(Entries taken from a collection)
────────────────────
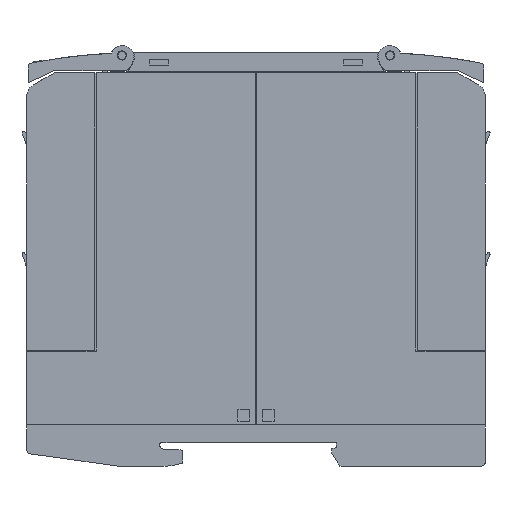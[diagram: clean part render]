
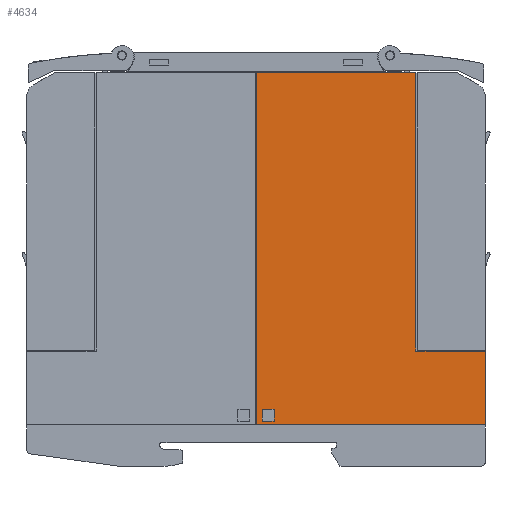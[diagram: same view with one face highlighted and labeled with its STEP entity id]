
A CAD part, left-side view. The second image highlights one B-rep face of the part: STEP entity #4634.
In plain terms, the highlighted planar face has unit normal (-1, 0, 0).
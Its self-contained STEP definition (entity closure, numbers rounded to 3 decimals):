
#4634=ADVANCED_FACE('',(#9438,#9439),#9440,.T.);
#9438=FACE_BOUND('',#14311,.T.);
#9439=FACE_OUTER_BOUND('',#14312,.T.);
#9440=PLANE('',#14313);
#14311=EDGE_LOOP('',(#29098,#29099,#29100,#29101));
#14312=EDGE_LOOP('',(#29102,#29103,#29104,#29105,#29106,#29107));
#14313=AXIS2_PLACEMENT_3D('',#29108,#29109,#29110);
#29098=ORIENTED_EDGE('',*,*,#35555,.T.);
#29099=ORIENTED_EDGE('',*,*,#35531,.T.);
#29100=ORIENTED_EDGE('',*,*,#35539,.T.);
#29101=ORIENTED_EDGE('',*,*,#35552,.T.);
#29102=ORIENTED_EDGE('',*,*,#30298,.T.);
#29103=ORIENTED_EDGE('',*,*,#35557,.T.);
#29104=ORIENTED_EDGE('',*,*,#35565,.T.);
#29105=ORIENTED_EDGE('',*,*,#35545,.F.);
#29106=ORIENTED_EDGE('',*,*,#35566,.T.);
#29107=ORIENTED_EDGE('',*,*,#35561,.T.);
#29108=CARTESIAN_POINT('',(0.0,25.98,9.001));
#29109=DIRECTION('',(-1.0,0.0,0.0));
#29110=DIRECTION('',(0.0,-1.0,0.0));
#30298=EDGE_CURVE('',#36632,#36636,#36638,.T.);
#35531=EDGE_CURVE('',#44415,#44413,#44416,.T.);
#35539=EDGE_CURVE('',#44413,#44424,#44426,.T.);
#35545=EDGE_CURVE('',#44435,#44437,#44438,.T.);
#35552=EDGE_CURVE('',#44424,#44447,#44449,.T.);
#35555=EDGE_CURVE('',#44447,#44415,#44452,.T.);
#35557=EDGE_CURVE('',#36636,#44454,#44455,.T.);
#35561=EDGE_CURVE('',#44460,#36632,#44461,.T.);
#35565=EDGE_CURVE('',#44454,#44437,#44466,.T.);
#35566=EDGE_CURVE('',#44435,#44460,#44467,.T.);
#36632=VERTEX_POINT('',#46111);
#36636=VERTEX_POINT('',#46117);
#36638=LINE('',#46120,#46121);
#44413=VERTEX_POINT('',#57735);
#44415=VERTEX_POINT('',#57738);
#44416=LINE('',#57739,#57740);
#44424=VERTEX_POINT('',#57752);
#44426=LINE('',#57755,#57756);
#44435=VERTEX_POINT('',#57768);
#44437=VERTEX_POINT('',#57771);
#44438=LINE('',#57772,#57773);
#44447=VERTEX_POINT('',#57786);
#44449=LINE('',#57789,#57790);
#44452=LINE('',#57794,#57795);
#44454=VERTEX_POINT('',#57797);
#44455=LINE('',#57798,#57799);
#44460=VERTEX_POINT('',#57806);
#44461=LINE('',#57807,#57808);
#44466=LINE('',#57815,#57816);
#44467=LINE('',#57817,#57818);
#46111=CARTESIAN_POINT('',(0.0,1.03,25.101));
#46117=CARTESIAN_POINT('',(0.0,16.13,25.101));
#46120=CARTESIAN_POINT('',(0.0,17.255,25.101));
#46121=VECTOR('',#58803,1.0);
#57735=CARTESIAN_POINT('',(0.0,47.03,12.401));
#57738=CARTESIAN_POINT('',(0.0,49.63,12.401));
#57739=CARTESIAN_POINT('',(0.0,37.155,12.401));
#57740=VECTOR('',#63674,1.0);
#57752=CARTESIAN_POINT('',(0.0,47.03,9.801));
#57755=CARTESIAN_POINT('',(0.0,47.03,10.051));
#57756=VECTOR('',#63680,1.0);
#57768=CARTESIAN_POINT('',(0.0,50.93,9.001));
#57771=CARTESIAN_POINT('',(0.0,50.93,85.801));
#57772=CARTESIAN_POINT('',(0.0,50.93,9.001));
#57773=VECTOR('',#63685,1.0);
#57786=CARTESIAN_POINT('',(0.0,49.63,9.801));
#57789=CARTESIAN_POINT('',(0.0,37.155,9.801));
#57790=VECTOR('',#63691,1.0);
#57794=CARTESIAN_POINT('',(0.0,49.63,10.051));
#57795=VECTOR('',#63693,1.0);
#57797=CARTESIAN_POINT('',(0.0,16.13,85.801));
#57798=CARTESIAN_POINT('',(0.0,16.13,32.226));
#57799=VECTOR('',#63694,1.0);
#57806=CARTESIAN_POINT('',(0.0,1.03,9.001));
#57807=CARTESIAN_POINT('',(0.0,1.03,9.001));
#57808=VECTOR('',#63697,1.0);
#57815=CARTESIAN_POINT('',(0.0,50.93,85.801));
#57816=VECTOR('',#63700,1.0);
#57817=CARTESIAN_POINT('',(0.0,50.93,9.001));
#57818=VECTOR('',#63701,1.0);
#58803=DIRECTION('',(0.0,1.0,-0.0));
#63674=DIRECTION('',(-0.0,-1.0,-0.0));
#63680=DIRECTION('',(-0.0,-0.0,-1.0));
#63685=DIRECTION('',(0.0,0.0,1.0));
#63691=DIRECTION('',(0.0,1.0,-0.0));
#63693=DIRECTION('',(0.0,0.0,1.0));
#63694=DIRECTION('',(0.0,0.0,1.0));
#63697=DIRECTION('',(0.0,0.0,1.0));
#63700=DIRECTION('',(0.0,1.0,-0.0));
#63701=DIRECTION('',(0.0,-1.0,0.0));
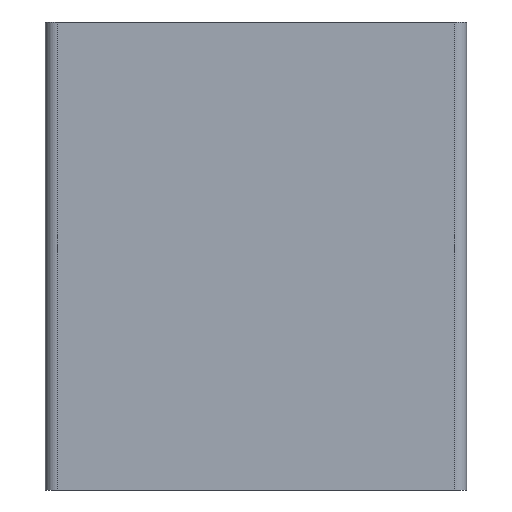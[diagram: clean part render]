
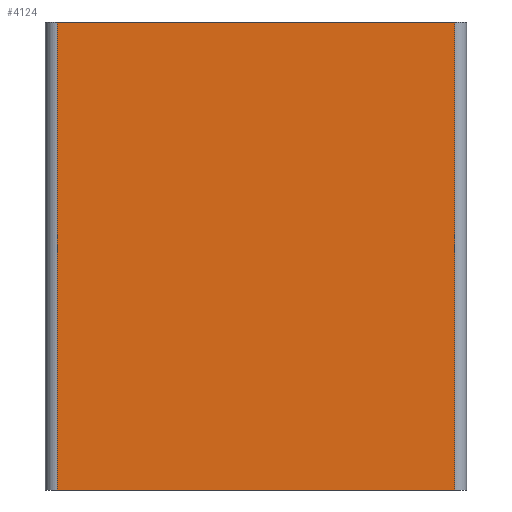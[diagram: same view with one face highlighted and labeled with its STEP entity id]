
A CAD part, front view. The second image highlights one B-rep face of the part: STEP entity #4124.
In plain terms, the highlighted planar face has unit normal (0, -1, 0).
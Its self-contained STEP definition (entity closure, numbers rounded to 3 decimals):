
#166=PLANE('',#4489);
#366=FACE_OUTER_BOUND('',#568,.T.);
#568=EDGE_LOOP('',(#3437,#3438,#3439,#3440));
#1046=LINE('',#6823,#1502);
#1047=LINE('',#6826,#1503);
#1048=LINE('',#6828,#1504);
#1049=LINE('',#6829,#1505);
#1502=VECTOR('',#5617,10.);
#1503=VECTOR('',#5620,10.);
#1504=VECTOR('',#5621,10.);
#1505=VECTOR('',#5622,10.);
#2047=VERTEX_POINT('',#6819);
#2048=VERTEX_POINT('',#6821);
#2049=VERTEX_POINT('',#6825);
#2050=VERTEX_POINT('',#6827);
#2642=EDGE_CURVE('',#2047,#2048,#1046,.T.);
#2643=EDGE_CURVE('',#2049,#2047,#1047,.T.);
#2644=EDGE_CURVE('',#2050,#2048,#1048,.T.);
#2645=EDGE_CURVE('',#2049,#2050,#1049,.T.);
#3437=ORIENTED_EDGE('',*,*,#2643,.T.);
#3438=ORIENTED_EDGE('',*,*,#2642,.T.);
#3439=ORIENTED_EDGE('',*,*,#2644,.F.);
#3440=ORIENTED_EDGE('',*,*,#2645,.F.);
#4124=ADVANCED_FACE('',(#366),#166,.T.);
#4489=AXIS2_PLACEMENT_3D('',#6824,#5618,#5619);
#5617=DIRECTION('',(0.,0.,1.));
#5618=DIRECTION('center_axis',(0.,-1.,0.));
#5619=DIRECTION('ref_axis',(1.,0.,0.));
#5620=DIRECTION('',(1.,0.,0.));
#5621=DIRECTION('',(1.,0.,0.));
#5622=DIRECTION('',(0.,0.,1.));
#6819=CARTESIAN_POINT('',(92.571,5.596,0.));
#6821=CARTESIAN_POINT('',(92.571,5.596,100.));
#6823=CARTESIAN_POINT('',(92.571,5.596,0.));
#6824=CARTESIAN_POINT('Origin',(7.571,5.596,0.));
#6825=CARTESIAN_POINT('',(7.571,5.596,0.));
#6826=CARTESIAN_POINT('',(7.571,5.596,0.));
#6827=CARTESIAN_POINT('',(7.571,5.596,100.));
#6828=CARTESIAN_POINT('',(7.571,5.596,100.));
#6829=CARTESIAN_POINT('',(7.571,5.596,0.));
────────────────────
▶ _Try it_:
Give back exactly the lines above, from the line containing "#36632=VERTEX_POINT('',#46111);" through the line containing "#63700=DIRECTION('',(0.0,1.0,-0.0));", with both end lines and nothing more.

▶ _Output for this task_:
#36632=VERTEX_POINT('',#46111);
#36636=VERTEX_POINT('',#46117);
#36638=LINE('',#46120,#46121);
#44413=VERTEX_POINT('',#57735);
#44415=VERTEX_POINT('',#57738);
#44416=LINE('',#57739,#57740);
#44424=VERTEX_POINT('',#57752);
#44426=LINE('',#57755,#57756);
#44435=VERTEX_POINT('',#57768);
#44437=VERTEX_POINT('',#57771);
#44438=LINE('',#57772,#57773);
#44447=VERTEX_POINT('',#57786);
#44449=LINE('',#57789,#57790);
#44452=LINE('',#57794,#57795);
#44454=VERTEX_POINT('',#57797);
#44455=LINE('',#57798,#57799);
#44460=VERTEX_POINT('',#57806);
#44461=LINE('',#57807,#57808);
#44466=LINE('',#57815,#57816);
#44467=LINE('',#57817,#57818);
#46111=CARTESIAN_POINT('',(0.0,1.03,25.101));
#46117=CARTESIAN_POINT('',(0.0,16.13,25.101));
#46120=CARTESIAN_POINT('',(0.0,17.255,25.101));
#46121=VECTOR('',#58803,1.0);
#57735=CARTESIAN_POINT('',(0.0,47.03,12.401));
#57738=CARTESIAN_POINT('',(0.0,49.63,12.401));
#57739=CARTESIAN_POINT('',(0.0,37.155,12.401));
#57740=VECTOR('',#63674,1.0);
#57752=CARTESIAN_POINT('',(0.0,47.03,9.801));
#57755=CARTESIAN_POINT('',(0.0,47.03,10.051));
#57756=VECTOR('',#63680,1.0);
#57768=CARTESIAN_POINT('',(0.0,50.93,9.001));
#57771=CARTESIAN_POINT('',(0.0,50.93,85.801));
#57772=CARTESIAN_POINT('',(0.0,50.93,9.001));
#57773=VECTOR('',#63685,1.0);
#57786=CARTESIAN_POINT('',(0.0,49.63,9.801));
#57789=CARTESIAN_POINT('',(0.0,37.155,9.801));
#57790=VECTOR('',#63691,1.0);
#57794=CARTESIAN_POINT('',(0.0,49.63,10.051));
#57795=VECTOR('',#63693,1.0);
#57797=CARTESIAN_POINT('',(0.0,16.13,85.801));
#57798=CARTESIAN_POINT('',(0.0,16.13,32.226));
#57799=VECTOR('',#63694,1.0);
#57806=CARTESIAN_POINT('',(0.0,1.03,9.001));
#57807=CARTESIAN_POINT('',(0.0,1.03,9.001));
#57808=VECTOR('',#63697,1.0);
#57815=CARTESIAN_POINT('',(0.0,50.93,85.801));
#57816=VECTOR('',#63700,1.0);
#57817=CARTESIAN_POINT('',(0.0,50.93,9.001));
#57818=VECTOR('',#63701,1.0);
#58803=DIRECTION('',(0.0,1.0,-0.0));
#63674=DIRECTION('',(-0.0,-1.0,-0.0));
#63680=DIRECTION('',(-0.0,-0.0,-1.0));
#63685=DIRECTION('',(0.0,0.0,1.0));
#63691=DIRECTION('',(0.0,1.0,-0.0));
#63693=DIRECTION('',(0.0,0.0,1.0));
#63694=DIRECTION('',(0.0,0.0,1.0));
#63697=DIRECTION('',(0.0,0.0,1.0));
#63700=DIRECTION('',(0.0,1.0,-0.0));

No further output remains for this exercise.